In fact, I don't think that tweet originated in Kingston, Jamaica; I think they sent for it from Washington, DC. Further, I don't believe for a moment that the US authorities only have a problem with 'the process'. That would be quite a coincidence, especially since they had previously expressed dissatisfaction with the licence being issued to the company.
As an observer to this train of events, many questions arise. The contractor general had already recommended against issuance of the licence based on what has been termed an "adverse trace" on one of the principals. But one has to ask: what is an "adverse trace"? Can it be challenged in court or anywhere else? Does a Government just get to say it has an "adverse trace" on someone and there's no opportunity to confront your accuser and clear your name?

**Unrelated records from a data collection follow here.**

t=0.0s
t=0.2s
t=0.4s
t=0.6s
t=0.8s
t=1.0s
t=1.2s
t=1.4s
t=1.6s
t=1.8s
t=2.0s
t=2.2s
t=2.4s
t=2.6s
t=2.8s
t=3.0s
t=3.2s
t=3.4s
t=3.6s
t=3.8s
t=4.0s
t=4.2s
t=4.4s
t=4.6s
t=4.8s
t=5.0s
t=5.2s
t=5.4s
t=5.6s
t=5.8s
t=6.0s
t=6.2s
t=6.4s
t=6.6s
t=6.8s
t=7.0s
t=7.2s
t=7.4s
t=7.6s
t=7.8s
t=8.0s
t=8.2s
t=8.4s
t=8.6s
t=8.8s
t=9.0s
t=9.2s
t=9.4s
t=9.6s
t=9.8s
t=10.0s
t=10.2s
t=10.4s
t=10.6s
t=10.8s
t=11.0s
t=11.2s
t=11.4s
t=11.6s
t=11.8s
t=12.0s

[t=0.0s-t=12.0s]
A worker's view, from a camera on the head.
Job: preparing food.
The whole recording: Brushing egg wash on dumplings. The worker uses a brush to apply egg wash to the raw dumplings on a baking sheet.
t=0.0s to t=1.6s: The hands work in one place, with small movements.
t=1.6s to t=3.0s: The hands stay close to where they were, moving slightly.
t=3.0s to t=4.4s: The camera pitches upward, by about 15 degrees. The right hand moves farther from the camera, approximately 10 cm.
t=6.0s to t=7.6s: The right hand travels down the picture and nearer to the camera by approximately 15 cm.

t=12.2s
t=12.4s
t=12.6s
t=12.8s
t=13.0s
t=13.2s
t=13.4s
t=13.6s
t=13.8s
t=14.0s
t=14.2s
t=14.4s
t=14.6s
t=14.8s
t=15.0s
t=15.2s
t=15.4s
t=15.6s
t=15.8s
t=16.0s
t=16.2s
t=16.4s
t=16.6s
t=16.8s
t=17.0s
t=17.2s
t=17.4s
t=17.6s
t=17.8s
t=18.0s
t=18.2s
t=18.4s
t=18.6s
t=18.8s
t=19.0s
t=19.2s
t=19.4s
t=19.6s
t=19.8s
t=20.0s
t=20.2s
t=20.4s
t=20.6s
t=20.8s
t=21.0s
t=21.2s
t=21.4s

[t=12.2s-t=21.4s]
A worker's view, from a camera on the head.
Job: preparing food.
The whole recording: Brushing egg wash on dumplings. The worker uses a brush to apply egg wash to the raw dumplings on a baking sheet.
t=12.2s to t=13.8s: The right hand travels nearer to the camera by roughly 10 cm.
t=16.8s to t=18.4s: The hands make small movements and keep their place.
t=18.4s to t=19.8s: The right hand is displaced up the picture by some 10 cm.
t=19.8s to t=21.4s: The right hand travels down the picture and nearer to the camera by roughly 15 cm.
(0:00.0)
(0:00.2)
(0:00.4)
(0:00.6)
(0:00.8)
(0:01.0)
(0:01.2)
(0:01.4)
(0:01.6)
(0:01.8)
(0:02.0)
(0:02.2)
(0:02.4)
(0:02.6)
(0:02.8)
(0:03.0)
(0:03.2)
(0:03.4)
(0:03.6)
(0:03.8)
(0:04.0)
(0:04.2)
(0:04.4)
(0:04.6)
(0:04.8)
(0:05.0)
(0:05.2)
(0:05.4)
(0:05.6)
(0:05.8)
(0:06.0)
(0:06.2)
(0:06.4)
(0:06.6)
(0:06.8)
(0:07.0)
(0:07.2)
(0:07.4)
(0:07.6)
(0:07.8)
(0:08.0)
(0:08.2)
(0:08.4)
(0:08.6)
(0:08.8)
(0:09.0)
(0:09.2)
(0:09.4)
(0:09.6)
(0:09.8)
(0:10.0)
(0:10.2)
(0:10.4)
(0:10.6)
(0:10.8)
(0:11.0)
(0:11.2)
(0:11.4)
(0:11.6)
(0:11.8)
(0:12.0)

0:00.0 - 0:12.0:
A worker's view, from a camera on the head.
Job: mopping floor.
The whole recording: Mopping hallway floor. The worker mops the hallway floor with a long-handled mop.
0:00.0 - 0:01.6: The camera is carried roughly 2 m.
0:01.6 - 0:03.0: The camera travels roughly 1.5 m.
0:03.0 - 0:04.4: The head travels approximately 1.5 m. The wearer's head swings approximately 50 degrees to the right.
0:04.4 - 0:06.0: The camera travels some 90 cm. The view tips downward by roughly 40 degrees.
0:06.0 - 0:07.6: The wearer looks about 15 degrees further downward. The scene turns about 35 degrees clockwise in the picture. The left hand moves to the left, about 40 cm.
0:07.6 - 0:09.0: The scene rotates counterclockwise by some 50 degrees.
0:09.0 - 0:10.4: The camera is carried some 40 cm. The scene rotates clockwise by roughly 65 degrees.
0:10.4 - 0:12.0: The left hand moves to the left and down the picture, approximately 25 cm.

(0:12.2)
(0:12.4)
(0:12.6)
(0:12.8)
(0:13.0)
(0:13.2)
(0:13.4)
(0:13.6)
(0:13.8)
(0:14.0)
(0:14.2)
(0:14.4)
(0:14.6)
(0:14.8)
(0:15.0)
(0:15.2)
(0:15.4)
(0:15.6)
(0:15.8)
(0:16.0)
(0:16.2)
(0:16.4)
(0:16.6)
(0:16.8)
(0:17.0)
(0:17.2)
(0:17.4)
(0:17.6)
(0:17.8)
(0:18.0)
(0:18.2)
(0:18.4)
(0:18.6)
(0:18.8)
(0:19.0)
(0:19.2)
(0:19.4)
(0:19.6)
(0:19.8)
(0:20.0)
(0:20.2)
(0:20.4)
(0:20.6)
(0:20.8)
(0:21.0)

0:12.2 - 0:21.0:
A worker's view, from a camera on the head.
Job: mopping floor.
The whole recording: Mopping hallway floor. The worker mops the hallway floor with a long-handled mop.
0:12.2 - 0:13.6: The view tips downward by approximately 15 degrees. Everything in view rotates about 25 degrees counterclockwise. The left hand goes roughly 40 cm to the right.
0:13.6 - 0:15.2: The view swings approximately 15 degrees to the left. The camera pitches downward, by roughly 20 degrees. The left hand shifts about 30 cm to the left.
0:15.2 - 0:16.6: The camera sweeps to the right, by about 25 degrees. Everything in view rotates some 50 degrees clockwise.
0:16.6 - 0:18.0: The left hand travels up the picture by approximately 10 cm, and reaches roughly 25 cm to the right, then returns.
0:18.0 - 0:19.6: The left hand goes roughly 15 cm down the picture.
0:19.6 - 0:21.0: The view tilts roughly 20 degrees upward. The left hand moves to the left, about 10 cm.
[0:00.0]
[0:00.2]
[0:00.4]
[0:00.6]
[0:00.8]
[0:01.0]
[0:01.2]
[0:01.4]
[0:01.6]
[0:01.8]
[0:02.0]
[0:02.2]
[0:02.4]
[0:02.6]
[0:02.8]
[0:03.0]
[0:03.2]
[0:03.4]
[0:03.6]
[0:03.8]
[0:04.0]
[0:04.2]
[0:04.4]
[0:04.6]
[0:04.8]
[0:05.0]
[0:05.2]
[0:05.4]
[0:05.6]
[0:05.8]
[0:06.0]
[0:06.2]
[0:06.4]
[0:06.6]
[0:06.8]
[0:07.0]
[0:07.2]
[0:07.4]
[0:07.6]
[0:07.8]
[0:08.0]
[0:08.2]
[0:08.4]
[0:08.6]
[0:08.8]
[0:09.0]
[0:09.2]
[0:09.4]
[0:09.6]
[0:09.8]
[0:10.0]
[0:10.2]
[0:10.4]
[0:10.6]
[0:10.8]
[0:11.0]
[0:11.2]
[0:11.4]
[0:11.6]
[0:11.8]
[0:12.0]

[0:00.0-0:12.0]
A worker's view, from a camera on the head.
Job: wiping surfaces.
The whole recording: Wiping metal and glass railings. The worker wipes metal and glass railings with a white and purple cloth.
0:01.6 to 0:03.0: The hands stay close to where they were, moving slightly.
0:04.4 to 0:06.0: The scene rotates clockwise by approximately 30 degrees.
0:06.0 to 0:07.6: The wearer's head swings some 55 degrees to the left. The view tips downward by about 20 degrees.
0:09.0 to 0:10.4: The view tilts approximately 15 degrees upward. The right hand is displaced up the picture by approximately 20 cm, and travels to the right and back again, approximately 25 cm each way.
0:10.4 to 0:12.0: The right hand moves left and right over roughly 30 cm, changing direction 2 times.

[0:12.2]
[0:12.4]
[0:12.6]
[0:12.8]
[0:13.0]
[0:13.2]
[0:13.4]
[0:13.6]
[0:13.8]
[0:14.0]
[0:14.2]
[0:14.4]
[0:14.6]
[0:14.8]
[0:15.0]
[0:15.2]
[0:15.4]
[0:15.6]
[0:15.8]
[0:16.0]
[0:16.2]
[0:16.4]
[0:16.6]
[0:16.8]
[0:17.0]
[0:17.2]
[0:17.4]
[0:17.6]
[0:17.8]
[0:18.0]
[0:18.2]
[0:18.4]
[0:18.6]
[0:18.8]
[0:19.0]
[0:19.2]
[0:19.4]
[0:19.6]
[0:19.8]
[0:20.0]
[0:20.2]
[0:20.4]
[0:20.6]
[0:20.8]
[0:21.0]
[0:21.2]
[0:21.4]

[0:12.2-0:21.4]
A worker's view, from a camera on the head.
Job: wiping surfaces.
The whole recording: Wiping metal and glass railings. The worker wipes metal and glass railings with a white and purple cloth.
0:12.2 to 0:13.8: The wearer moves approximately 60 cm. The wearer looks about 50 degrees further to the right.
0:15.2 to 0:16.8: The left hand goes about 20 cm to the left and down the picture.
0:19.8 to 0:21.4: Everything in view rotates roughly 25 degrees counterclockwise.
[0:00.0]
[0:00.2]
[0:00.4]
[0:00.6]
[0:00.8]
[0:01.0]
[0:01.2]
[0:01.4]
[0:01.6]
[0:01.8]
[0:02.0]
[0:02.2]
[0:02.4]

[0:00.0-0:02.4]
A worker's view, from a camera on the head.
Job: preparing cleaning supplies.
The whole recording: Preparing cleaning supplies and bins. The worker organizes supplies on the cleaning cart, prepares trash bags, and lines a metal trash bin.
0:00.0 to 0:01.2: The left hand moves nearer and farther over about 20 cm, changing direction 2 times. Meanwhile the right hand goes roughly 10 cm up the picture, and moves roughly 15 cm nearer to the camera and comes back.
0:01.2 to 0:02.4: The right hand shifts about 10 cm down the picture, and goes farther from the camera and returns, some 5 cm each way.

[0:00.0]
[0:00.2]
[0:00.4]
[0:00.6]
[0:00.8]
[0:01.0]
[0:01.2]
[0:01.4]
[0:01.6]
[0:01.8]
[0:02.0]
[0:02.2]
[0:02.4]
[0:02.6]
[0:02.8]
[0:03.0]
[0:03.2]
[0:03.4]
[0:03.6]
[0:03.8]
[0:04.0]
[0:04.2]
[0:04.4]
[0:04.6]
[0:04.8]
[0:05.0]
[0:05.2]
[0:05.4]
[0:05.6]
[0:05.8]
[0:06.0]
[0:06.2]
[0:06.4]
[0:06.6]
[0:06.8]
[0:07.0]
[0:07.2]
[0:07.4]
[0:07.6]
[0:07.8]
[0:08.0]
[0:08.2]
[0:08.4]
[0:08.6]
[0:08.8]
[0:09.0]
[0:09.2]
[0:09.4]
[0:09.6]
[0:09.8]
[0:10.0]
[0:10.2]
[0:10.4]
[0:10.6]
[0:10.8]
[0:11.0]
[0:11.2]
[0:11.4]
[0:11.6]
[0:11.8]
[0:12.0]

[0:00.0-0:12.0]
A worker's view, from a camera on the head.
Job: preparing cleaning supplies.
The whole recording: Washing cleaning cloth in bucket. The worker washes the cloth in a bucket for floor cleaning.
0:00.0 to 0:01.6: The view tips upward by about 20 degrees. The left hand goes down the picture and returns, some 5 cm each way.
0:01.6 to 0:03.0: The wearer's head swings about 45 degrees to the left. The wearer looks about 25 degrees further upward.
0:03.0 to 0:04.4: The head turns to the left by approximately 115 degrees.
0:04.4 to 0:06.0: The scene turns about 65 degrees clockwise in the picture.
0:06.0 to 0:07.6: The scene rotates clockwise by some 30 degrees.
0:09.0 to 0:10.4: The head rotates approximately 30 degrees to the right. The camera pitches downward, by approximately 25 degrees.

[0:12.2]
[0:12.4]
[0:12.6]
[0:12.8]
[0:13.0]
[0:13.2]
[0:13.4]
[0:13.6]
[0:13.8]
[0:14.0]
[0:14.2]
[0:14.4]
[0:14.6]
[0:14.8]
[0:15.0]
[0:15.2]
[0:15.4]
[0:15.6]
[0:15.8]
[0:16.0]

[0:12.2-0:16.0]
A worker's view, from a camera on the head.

However that may be, Mr Holness chose to grant the licence and rose in Parliament to defend his decision to do it. So this is his baby.
That said, I'm prepared to predict that the licence will be withdrawn, and worse, that when the dust settles, the Jamaican taxpayer will be forced to foot the sizeable bill attending its withdrawal.
I don't doubt that Andrew will skilfully explain the decision, then the reversal. But is it such a strange coincidence that an expensive reversal will be on the cards when the dissatisfaction of our national-security partners was on record prior to the grant of the licence? Remember to just smile like the farmer.